Ive used a regular tap, but i had a machine shop drill and tap the holes just to ensure that everything was done straight. Also have had the roll forming done but the shop charged me an arm and a leg to do it cause i had to buy the tap, which isnt cheap. All in all i got great results with either or.

Ruby Soho
01-29-2013, 10:20 AM
i had an 11:1 440 pop 3 times before i put studs in. after the studs i put probly 300hrs on it no issues.


hit or miss, for the price.... do it.

DragonGunner
01-29-2013, 02:09 PM
CJM... agree 100%....I also ran 416 and 428....didn't have any vib on the 428....but that was several yrs. ago and who know how quality control is from yr to yr with the piston makers...? I have a 407 (or 406) the last 7 yrs or so and its just as fast if not faster than all the above including a 440 12.5:1 that was short lived.


Hows your job holding out by the way?

CJM
01-29-2013, 02:34 PM
Runs well but its time for a rebuild as its started to smoke.

Like I said earlier as well, Im not sure if perhaps something is indeed messed up in the engine as it runs well-but in the last few months I have noticed the ticking from the cam is louder (everything seems to be in spec) and overall the 426 vibrated more than the 416 or my buddies 407.
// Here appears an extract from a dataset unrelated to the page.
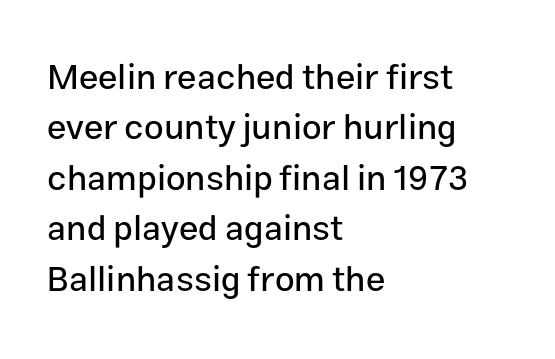
The image shows 35 px sans-serif type, upright; set left-aligned, normal line spacing (1.44x), normal letter spacing, not underlined; low stroke contrast and a medium x-height.
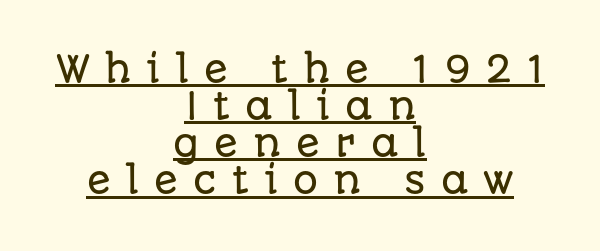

When i do rebuild Im doing a high comp stock bore probably. Just press a new sleeve in and a piston and Im done.

Wheelie
02-12-2013, 09:16 PM
I sent my cylinder off yesterday for head studs, they finally went after 5 years. 11.3:1 compression and advanced timing was the culprit for the death of the stockers. Cylinder looked great, just going to have it honed.

Figured while it's apart might as well bump the compression to 12.5:1 and add a couple ponies. The rest of the build will stay the same. I'm going to test it with the 4 degree key still installed and straight E-85 with a 245 main.